┌─ Data provided
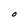
Character: O
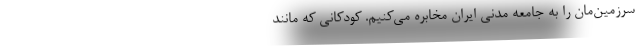
سرزمین‌مان را به جامعه مدنی ایران مخابره می‌کنیم. کودکانی که مانند
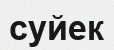
суйек
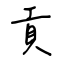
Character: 貢
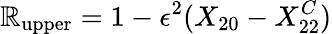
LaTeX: \mathbb{R}_{\mathrm{{upper}}}=1-\epsilon^{2}(X_{20}-X_{22}^{C})
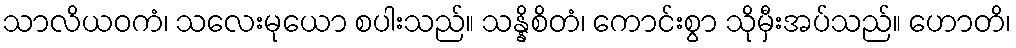
သာလိယဝကံ၊ သလေးမုယော စပါးသည်။ သန္နိစိတံ၊ ကောင်းစွာ သိုမှီးအပ်သည်။ ဟောတိ၊
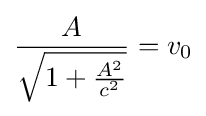
{\frac {A}{\sqrt {1+{\frac {A^{2}}{c^{2}}}}}}=v_{0}
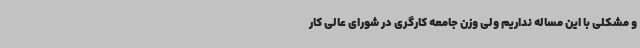
و مشکلی با این مساله نداریم ولی وزن جامعه کارگری در شورای عالی کار
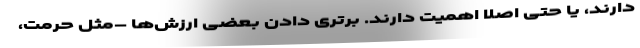
دارند، یا حتی اصلاً اهمیت دارند. برتری دادن بعضی ارزش‌ها –مثل حرمت،
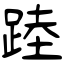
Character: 踛
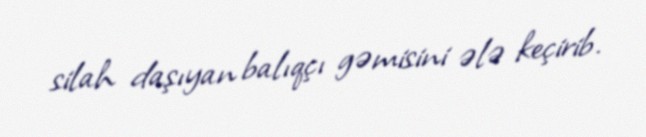
silah daşıyan balıqçı gəmisini ələ keçirib.
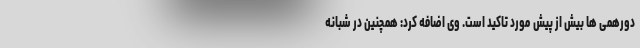
دورهمی ها بیش از پیش مورد تاکید است. وی اضافه کرد: همچنین در شبانه
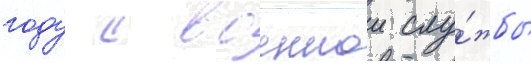
году с военнои слу́жбы
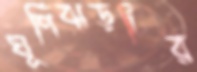
ঘূর্ণিঝড়টির
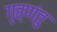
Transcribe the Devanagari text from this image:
गृह्णंतु
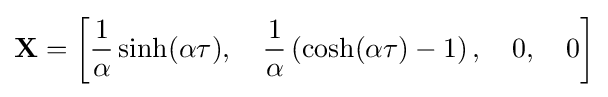
\mathbf {X} =\left[{\frac {1}{\alpha }}\sinh(\alpha \tau ),\quad {\frac {1}{\alpha }}\left(\cosh(\alpha \tau )-1\right),\quad 0,\quad 0\right]
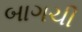
બાગચી
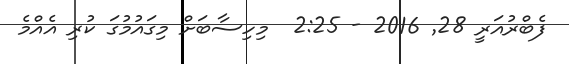
ފެބްރުއަރީ 28
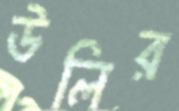
উলির
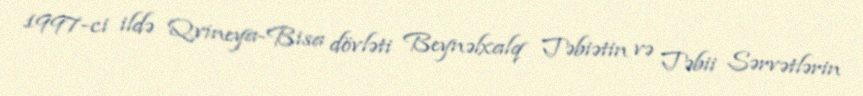
1997-ci ildə Qvineya-Bisa dövləti Beynəlxalq Təbiətin və Təbii Sərvətlərin
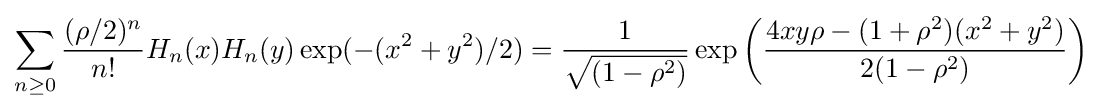
{\sum _{n\geq 0}{\frac {(\rho /2)^{n}}{n!}}H_{n}(x)H_{n}(y)\exp(-(x^{2}+y^{2})/2)={1 \over {\sqrt {(1-\rho ^{2})}}}\exp \left({4xy\rho -(1+\rho ^{2})(x^{2}+y^{2}) \over 2(1-\rho ^{2})}\right)}~
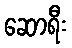
ဆောရီး
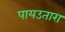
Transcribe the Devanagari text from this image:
पायउतारा
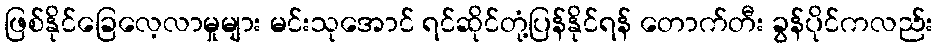
ဖြစ်နိုင်ခြေလေ့လာမှုများ မင်းသုအောင် ရင်ဆိုင်တုံ့ပြန်နိုင်ရန် တောက်တီး ခွန်ပိုင်ကလည်း
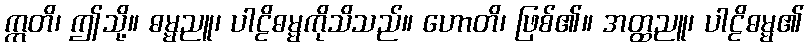
ဣတိ၊ ဤသို့။ ဓမ္မညူ၊ ပါဠိဓမ္မကိုသိသည်။ ဟောတိ၊ ဖြစ်၏။ အတ္ထညူ၊ ပါဠိဓမ္မ၏
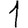
Digit: 1
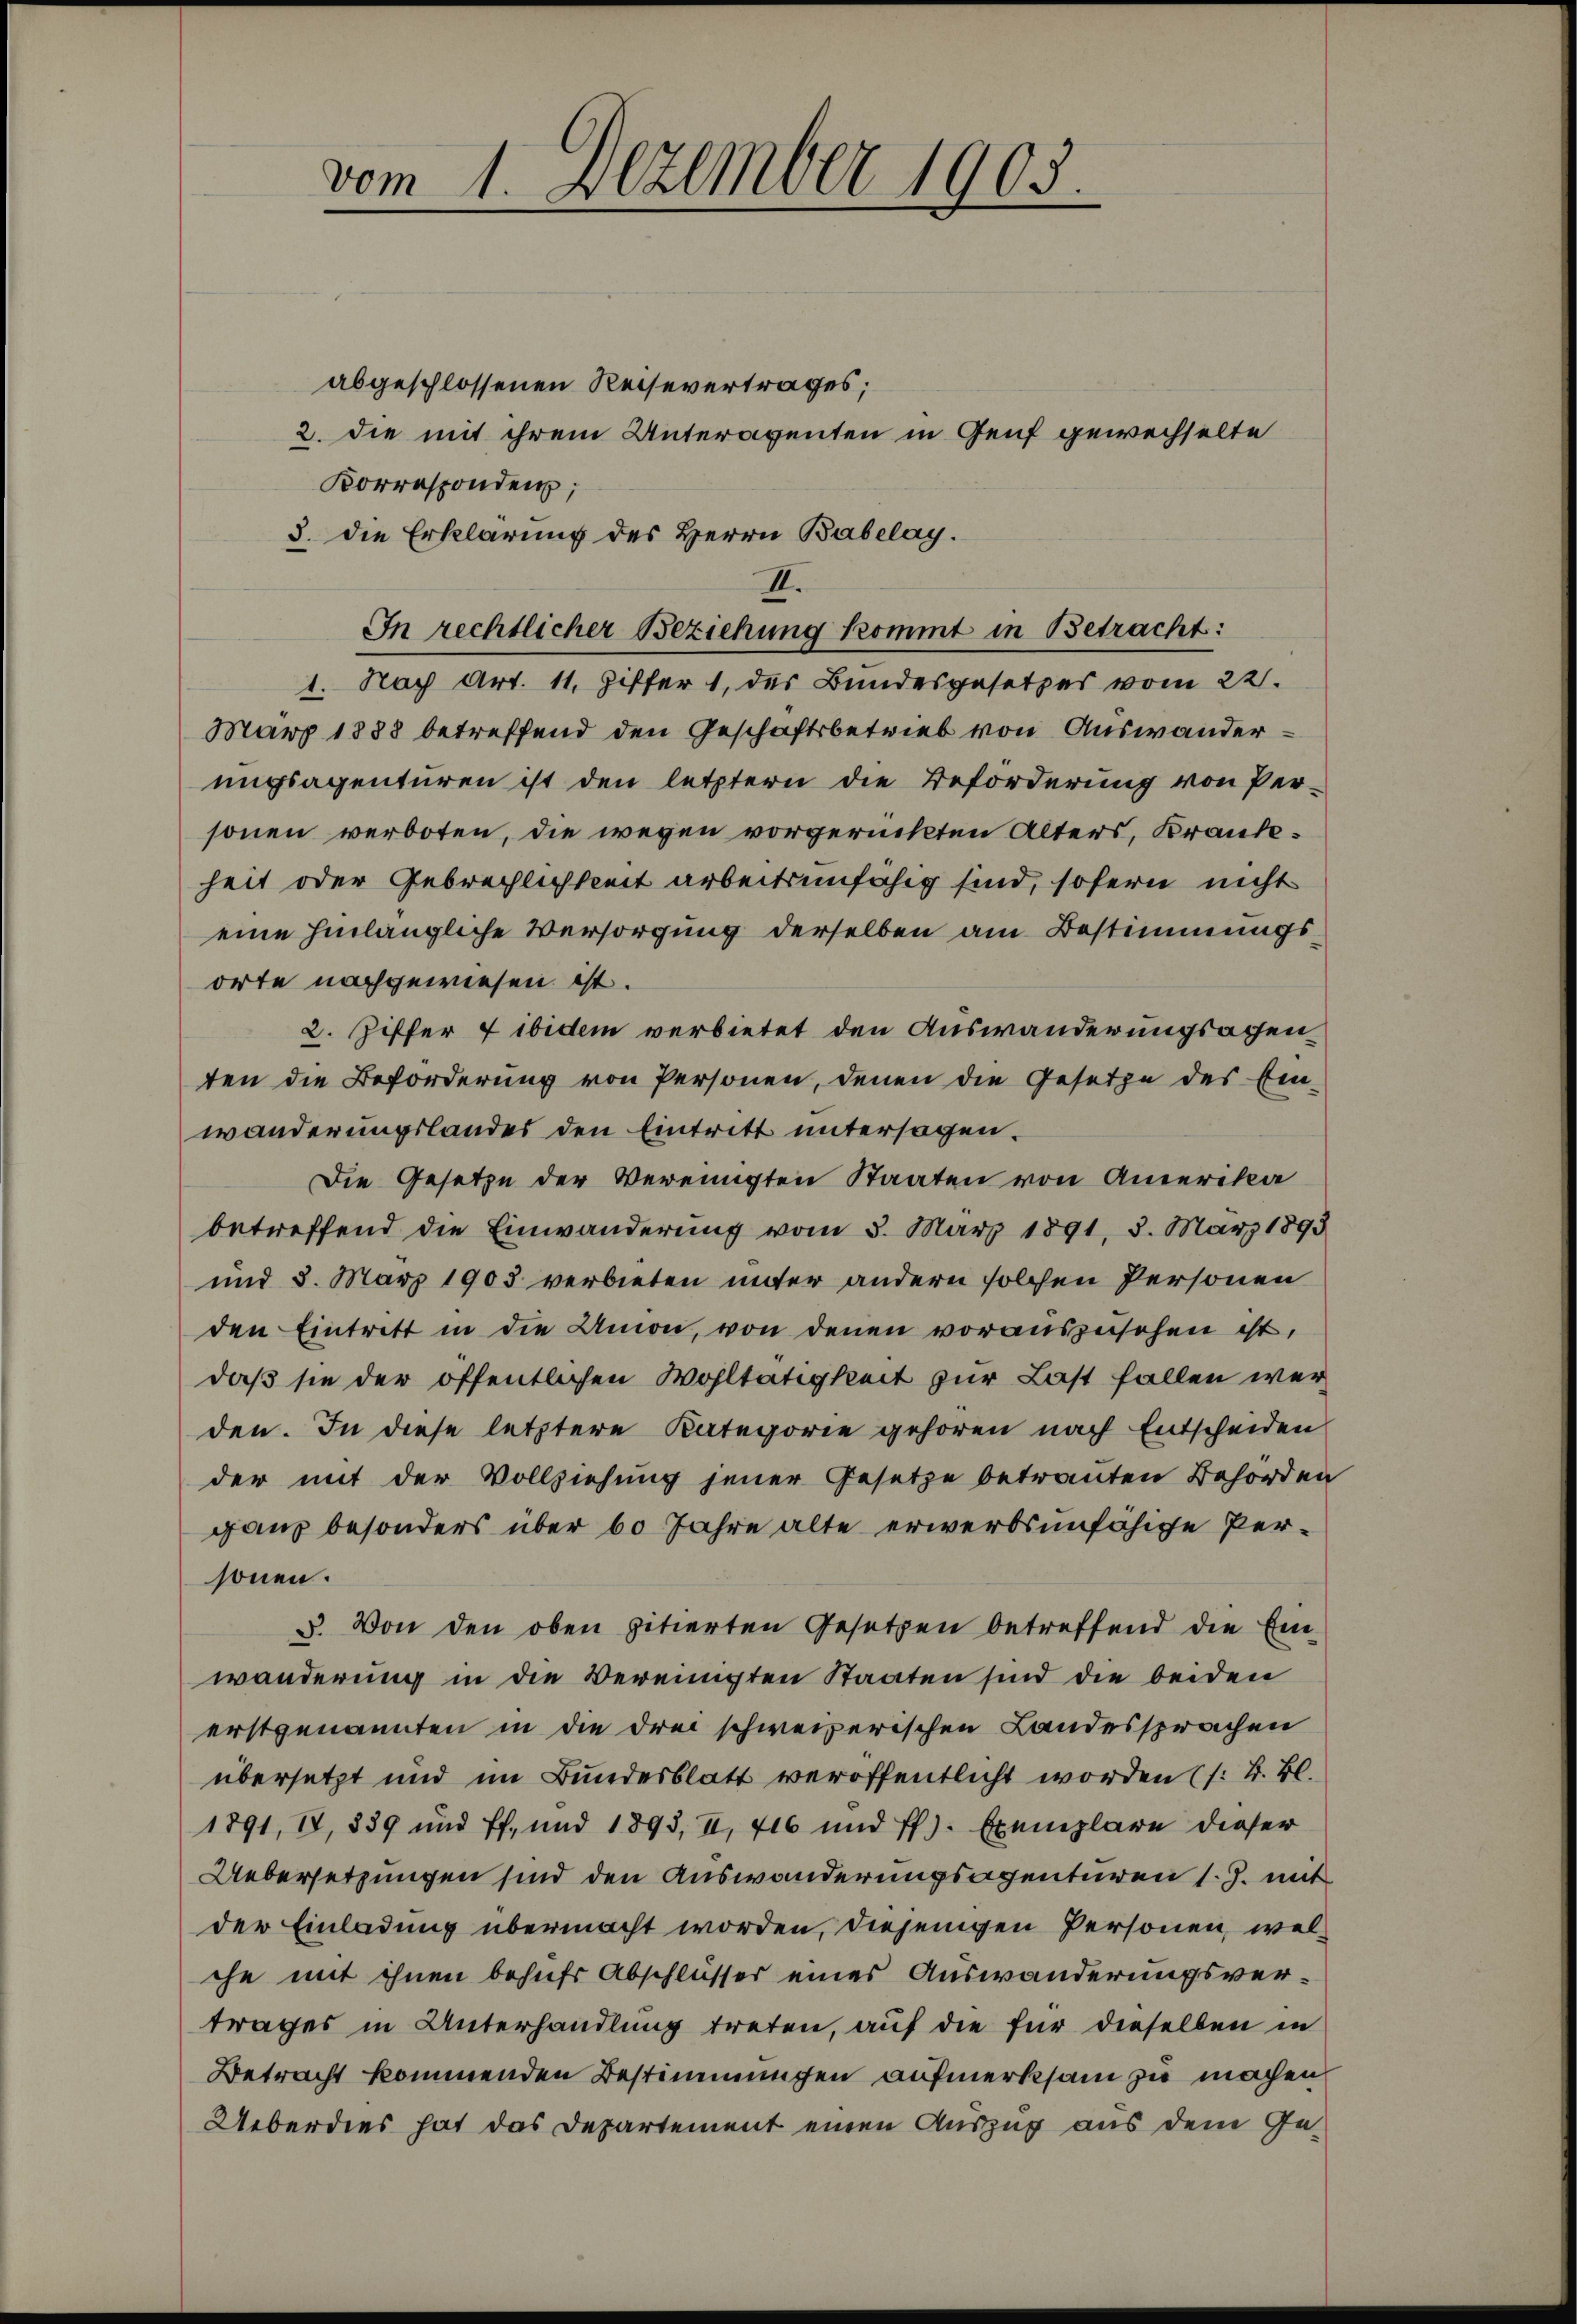
vom 1. Dezember 1903.

abgeschlossenen Reisevertrages;
2. die mit ihrem Unteragenten in Genf gewechselte
Korresponden,
3. die Erklärung des Herrn Babelay.
1. Nach Art. 11, Ziffer 1, des Bundesgesetzes vom 22.
März 1888 betreffend den Geschäftsbetrieb von Auswanderungsagenturen ist den letztern die Beförderung von Per-
sonen verboten, die wegen vorgerückten Alters, Krankeheit oder Gebrechlichkeit arbeitsunfähig sind, sofern nicht
eine hinlängliche Versorgung derselben am Bestimmungsorte nachgewiesen ist.
2. Ziffer 7 ibidem verbietet den Auswanderungsachen
ten die Beförderung von Personen, denen die Gesetze des Ein-
wanderungslandes den Eintritt untersagen.
Die Gesetze der Vereinigten Staaten von Amerika
betreffend die Einwanderung vom 3. März 1891, 3. März 1893
und 3. März 1903 verbieten unter andern solchen Personen
den Eintritt in die Amon, von denen vorauszusehen ist,
daß sie der öffentlichen Wohltätigkeit zur Last fallen werden. In diese letztere Kategorie gehören nach Entscheiden
der mit der Vollziehung jener Gesetze betrauten Behörden
ganz besonders über 60 Jahre alte erwerbsunfähige Personen.
3. Von den oben zitierten Gesetzen betreffend die Einwänderung in die Vereinigten Staaten sind die beiden
erstgenannten in die drei schweizerischen Landessprachen
übersetzt und im Bundesblatt veröffentlicht worden (s. B. Bl.
1891, IV, 889 und ff. und 1893, II, 416 und ff.). Exemplare dieser
Uebersetzungen sind den Auswanderungsagenturen s. Z. mit
der Einladung übermacht worden, diejenigen Personen, welche mit ihnen behufs Abschlüsser eines Auswanderungsvertrages in Unterhandlung treten, auf die für dieselben in
Betracht kommenden Bestimmungen aufmerksam zu machen
Ueberdies hat das Departement einen Auszug aus dem Ge¬

II.
In rechtlicher Beziehung kommt in Betracht:
└─
--- What is required ---
Copy exactly. The range runs from the line containing "Ueberdies hat das" through the last line of the data.

--- Solved problem ---
Ueberdies hat das Departement einen Auszug aus dem Ge¬

II.
In rechtlicher Beziehung kommt in Betracht:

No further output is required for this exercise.